§ **SUPPLIED ENTRIES**
--- START ---

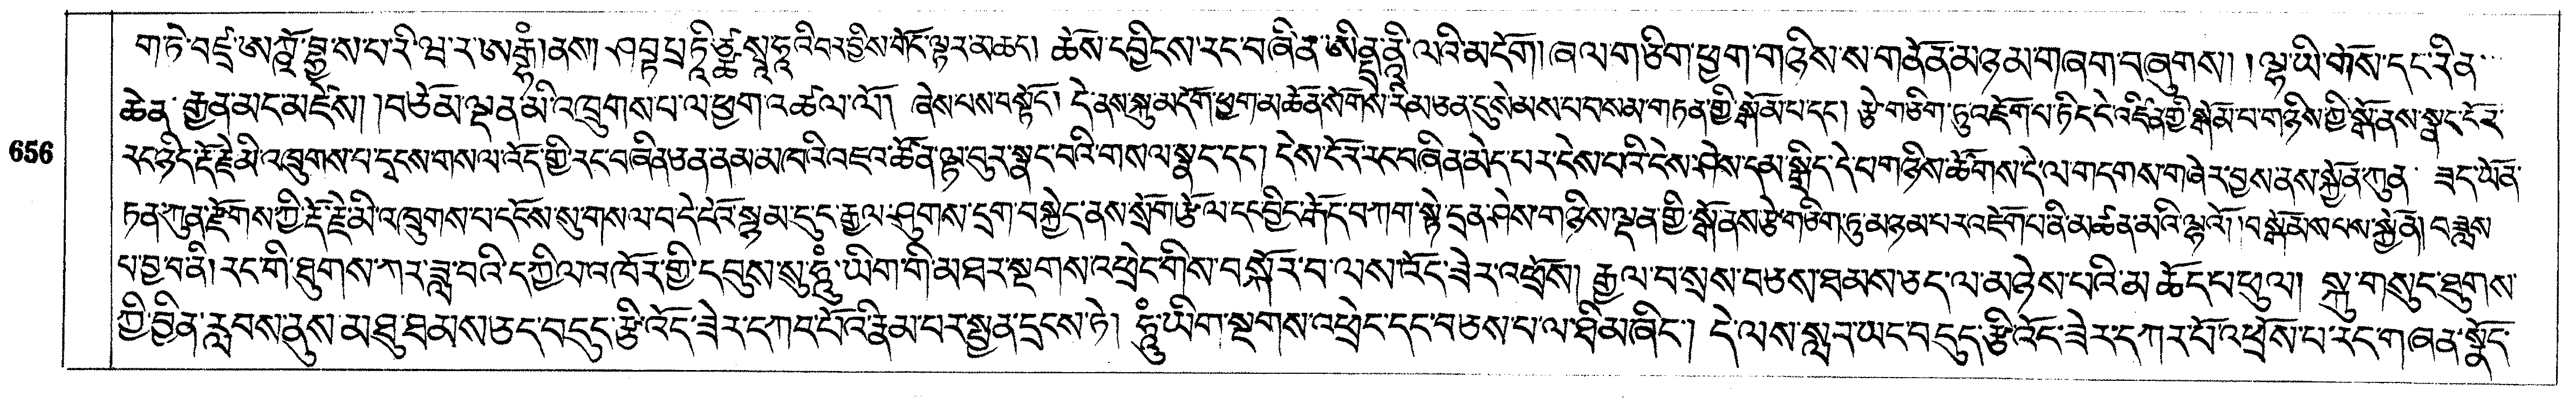ག་ཏེ་བཛྲ་ཨཀྵོ་བྷྱ་ས་པ་རི་ཝ་ར་ཨརྒྷཾ། ནས། ཤབཏ་པྲཏཱི་ཙྪ་སྭཱ་ཧཱའི་བར་བྱིས་གོང་ལྟར་མཆད། ཆོས་དབྱིངས་རང་བཞིན་ཨིནྡྲ་ནཱི་ལའི་མདོག། ཞལ་གཅིག་ཕྱག་གཉིས་ས་གནོན་མཉམ་གཞག་བཞུགས། །ལྷ་ཡི་གོས་དང་རིན་
ཆེན་རྒྱན་མང་མཛེས། །བཅོམ་ལྡན་མི་འཁྲུགས་པ་ལ་ཕྱག་འཚལ་ལོ། ཞེས་པས་བསྟོད། དེ་ནས་སྐུ་མདོག་ཕྱག་མཚོན་སོགས་རིམ་ཅན་དུ་སེམས་པ་བསམ་གཏན་གྱི་སྒོམ་པ་དང་། རྩེ་གཅིག་ཏུ་འཇོག་པ་ཏིང་ངེ་འཛིན་གྱི་སྒོམ་པ་གཉིས་ཀྱི་སྒོ་ནས་སྣང་ངོར་
རང་ཉིད་རྡོ་རྗེ་མི་འཁྲུགས་པ་དྭངས་གསལ་འོད་གྱི་རང་བཞིན་ཅན་ནམ་མཁའི་འཇའ་ཚོན་ལྟ་བུར་སྣང་བའི་གསལ་སྣང་དང་། དེས་ངོར་རང་བཞིན་མེད་པར་ངེས་པའི་ངེས་ཤེས་དམ་སྒྲིད་དེ་པ་གཉིས་ཚོགས་དེ་ལ་གདགས་གཞེར་བྱས་ནས་སྐྱོན་ཀུན་ཟད་ཡོན་
ཏན་ཀུན་རྫོགས་ཀྱི་རྡོ་རྗེ་མི་འཁྲུགས་པ་དངོས་སུ་གསལ་བ་དེ་ངའོ་སྙམ་དུ་ང་རྒྱལ་ཤུགས་དྲག་བསྐྱེད་ནས་སྲོག་རྩོལ་དང་བྱིང་རྒོད་བཀག་སྟེ་དྲན་ཤེས་གཉིས་ལྡན་གྱི་སྒོ་ནས་རྩེ་གཅིག་ཏུ་མཉམ་པར་འཇོག་པ་ནི་མཚན་མའི་ལྷའོ། །བསྒོམས་པས་སྐྱོན། བཟླས་
པ་བྱ་བ་ནི། རང་གི་ཐུགས་ཀར་ཟླ་བའི་དཀྱིལ་འཁོར་གྱི་དབུས་སུ་ཧཱུཾ་ཡིག་གི་མཐར་སྔགས་འཕྲེང་གིས་བསྐོར་བ་ལས་འོད་ཟེར་འཕྲོས། རྒྱལ་བ་སྲས་བཅས་ཐམས་ཅད་ལ་མཉེས་པའི་མཆོད་པ་ཕུལ། སྐུ་གསུང་ཐུགས་
ཀྱི་བྱིན་རླབས་ནུས་མཐུ་ཐམས་ཅད་བདུད་རྩི་འོད་ཟེར་དཀར་པོའི་རྣམ་པར་སྤྱན་དྲངས་ཏེ། ཧཱུཾ་ཡིག་སྔགས་འཕྲེང་དང་བཅས་པ་ལ་ཐིམ་ཞིང་། དེ་ལས་སླར་ཡང་བདུད་རྩི་འོད་ཟེར་དཀར་པོ་འཕྲོས་པ་རང་གཞན་སྣོད་

--- END ---

§ **HOW TO COMPLETE THIS TASK**
Everything from the line with "རང་ཉིད་རྡོ་རྗེ" to the end of the listing above needs to be duplicated exactly, both end lines included, with nothing more.

§ **EXPECTED ANSWER**
རང་ཉིད་རྡོ་རྗེ་མི་འཁྲུགས་པ་དྭངས་གསལ་འོད་གྱི་རང་བཞིན་ཅན་ནམ་མཁའི་འཇའ་ཚོན་ལྟ་བུར་སྣང་བའི་གསལ་སྣང་དང་། དེས་ངོར་རང་བཞིན་མེད་པར་ངེས་པའི་ངེས་ཤེས་དམ་སྒྲིད་དེ་པ་གཉིས་ཚོགས་དེ་ལ་གདགས་གཞེར་བྱས་ནས་སྐྱོན་ཀུན་ཟད་ཡོན་
ཏན་ཀུན་རྫོགས་ཀྱི་རྡོ་རྗེ་མི་འཁྲུགས་པ་དངོས་སུ་གསལ་བ་དེ་ངའོ་སྙམ་དུ་ང་རྒྱལ་ཤུགས་དྲག་བསྐྱེད་ནས་སྲོག་རྩོལ་དང་བྱིང་རྒོད་བཀག་སྟེ་དྲན་ཤེས་གཉིས་ལྡན་གྱི་སྒོ་ནས་རྩེ་གཅིག་ཏུ་མཉམ་པར་འཇོག་པ་ནི་མཚན་མའི་ལྷའོ། །བསྒོམས་པས་སྐྱོན། བཟླས་
པ་བྱ་བ་ནི། རང་གི་ཐུགས་ཀར་ཟླ་བའི་དཀྱིལ་འཁོར་གྱི་དབུས་སུ་ཧཱུཾ་ཡིག་གི་མཐར་སྔགས་འཕྲེང་གིས་བསྐོར་བ་ལས་འོད་ཟེར་འཕྲོས། རྒྱལ་བ་སྲས་བཅས་ཐམས་ཅད་ལ་མཉེས་པའི་མཆོད་པ་ཕུལ། སྐུ་གསུང་ཐུགས་
ཀྱི་བྱིན་རླབས་ནུས་མཐུ་ཐམས་ཅད་བདུད་རྩི་འོད་ཟེར་དཀར་པོའི་རྣམ་པར་སྤྱན་དྲངས་ཏེ། ཧཱུཾ་ཡིག་སྔགས་འཕྲེང་དང་བཅས་པ་ལ་ཐིམ་ཞིང་། དེ་ལས་སླར་ཡང་བདུད་རྩི་འོད་ཟེར་དཀར་པོ་འཕྲོས་པ་རང་གཞན་སྣོད་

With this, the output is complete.